# Imports

In [6]:
import yfinance as yf 
import pandas as pd
import sqlite3
from configparser import ConfigParser
import datetime
from dateutil.relativedelta import relativedelta
from pandas.tseries.offsets import BusinessDay
import holidays
import matplotlib
import logging

# 1- Yahoo data retrieval

In [44]:
def oil_futures_ticker_generator(date):
    """ Builds a ticker for WTI contract expiring in that month/year combination.
    
    Uses a dictionary to get the mapping of months to ticker codes and builds a ticker code.

    Parameters
    ----------
    date : datetime.date
        A datetime.date object of that day/month/year of the desired ticker

    Returns
    ----------
    ticker : string
        The string of the ticker that will be used by the data interface
    """
    #Map months to ticker codes
    month_symbol_mapper = {
    '1':{'string':'jan','code':'F'},
    '2':{'string':'feb','code':'G'},
    '3':{'string':'mar','code':'H'},
    '4':{'string':'apr','code':'J'},
    '5':{'string':'may','code':'K'},
    '6':{'string':'jun','code':'M'},
    '7':{'string':'jul','code':'N'},
    '8':{'string':'aug','code':'Q'},
    '9':{'string':'sep','code':'U'},
    '10':{'string':'oct','code':'V'},
    '11':{'string':'nov','code':'X'},
    '12':{'string':'dev','code':'Z'},
    }

    ticker = f"CL{month_symbol_mapper[str(date.month)]['code']}{date.year-2000}.NYM"
    return ticker


def get_business_date_offset(date):
    """ Get the business date offset WTI oil futures using the specs from ICE.
    
    The contracts settle 3 business days prior to the 25th of each month. If the 25th is not a business date itself
    the offset is 4 business days.

    Parameters
    ----------
    date : datetime.date
        The 25th day of the month in which we're looking for an expiry date

    Returns
    ----------
    offset : int
        The number of days to offset from the 25th day of the month
    """

    #builds a dictionary of US holidays
    us_holidays = holidays.US()

    offset = 3 if date.weekday() < 5 and date not in us_holidays else 4
    return offset


def get_25th_day(date):
    """ Get the 25th day of a given month.
    
    The 25th day of a month is the anchor from which ICE determines the offset for contract expiry. If 25th is a weekday
    then the offset is 3 business days otherwise it is 4. 

    Parameters
    ----------
    date : datetime.date
        The 25th day of the month in which we're looking for an expiry date

    Returns
    ----------
    offset : int
        The number of days to offset from the 25th day of the month
    """

    assert  isinstance(date, datetime.date), 'date passed is not a datetime object'
    return datetime.date(date.year, date.month, 25)

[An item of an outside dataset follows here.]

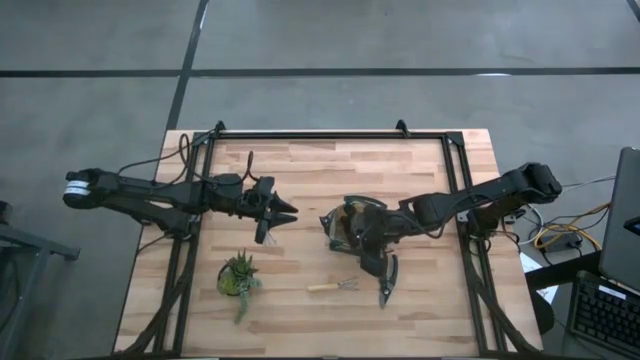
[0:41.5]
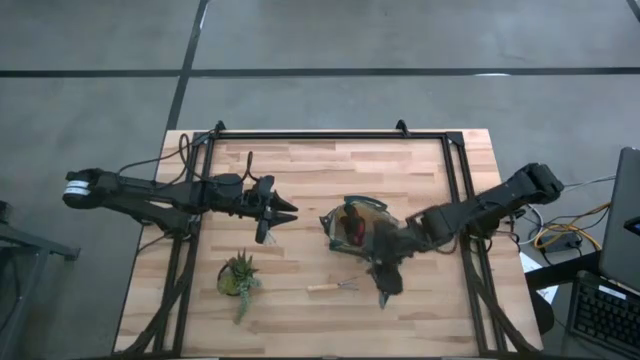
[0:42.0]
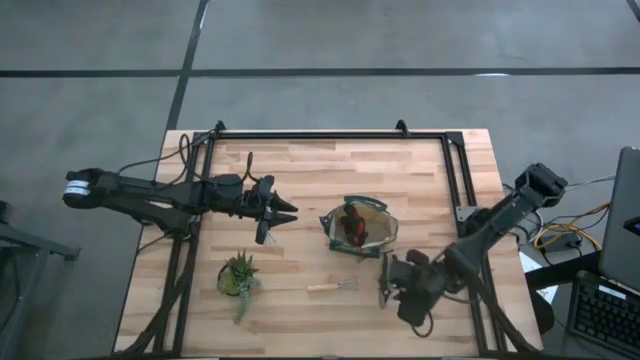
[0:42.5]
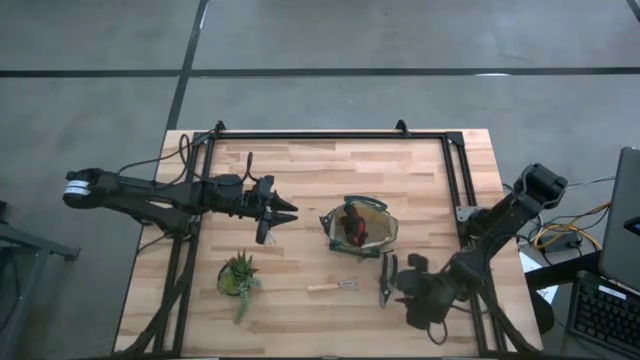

def get_contract_code_time_spread(date=datetime.date.today(), time_spread=0):
    """ Get the next settlement contract from a given date.
    
    Contracts usualy expire on 20-22nd day of a given month prior to contract delivery. Depending on which day it is the
    contract expiry can be determined for this month or any given number of months into the future. To get the current 
    (next) expiry, use the default values. Otherwise use the next contract expiry as an anchor and the time_spread steps
    as the offset for months into the future.

    Parameters
    ----------
    date : datetime.date
        The date from which you want to get the expiry dates.
    
    time_spread : int
        the number of months into the future that you want to ge the expiry for.

    Returns
    ----------
    ticker : string
        The ticker for the returned contract.

    next_settelment_date : datetime.date
        The settlment date for the returned contract.
    """

    #get the 25th day of the month, the anchor
    day_25th = get_25th_day(date) + relativedelta(months=time_spread)
    
    #get the offset depending the which weekday the 25th is on
    business_day_offset = get_business_date_offset(day_25th)

    #The settlement date logic
    settlement_date_current_month = day_25th -  business_day_offset*BusinessDay()
    settlement_date_current_month = settlement_date_current_month.to_pydatetime().date()
    
    #If already passed the settlment date for the month, then use the next months
    if date < settlement_date_current_month:
        next_settelment_date = settlement_date_current_month
    else:
        day_25th = day_25th + relativedelta(months=1)
        business_day_offset = get_business_date_offset(day_25th)
        next_settelment_date = day_25th - business_day_offset*BusinessDay()
        next_settelment_date = next_settelment_date.to_pydatetime().date()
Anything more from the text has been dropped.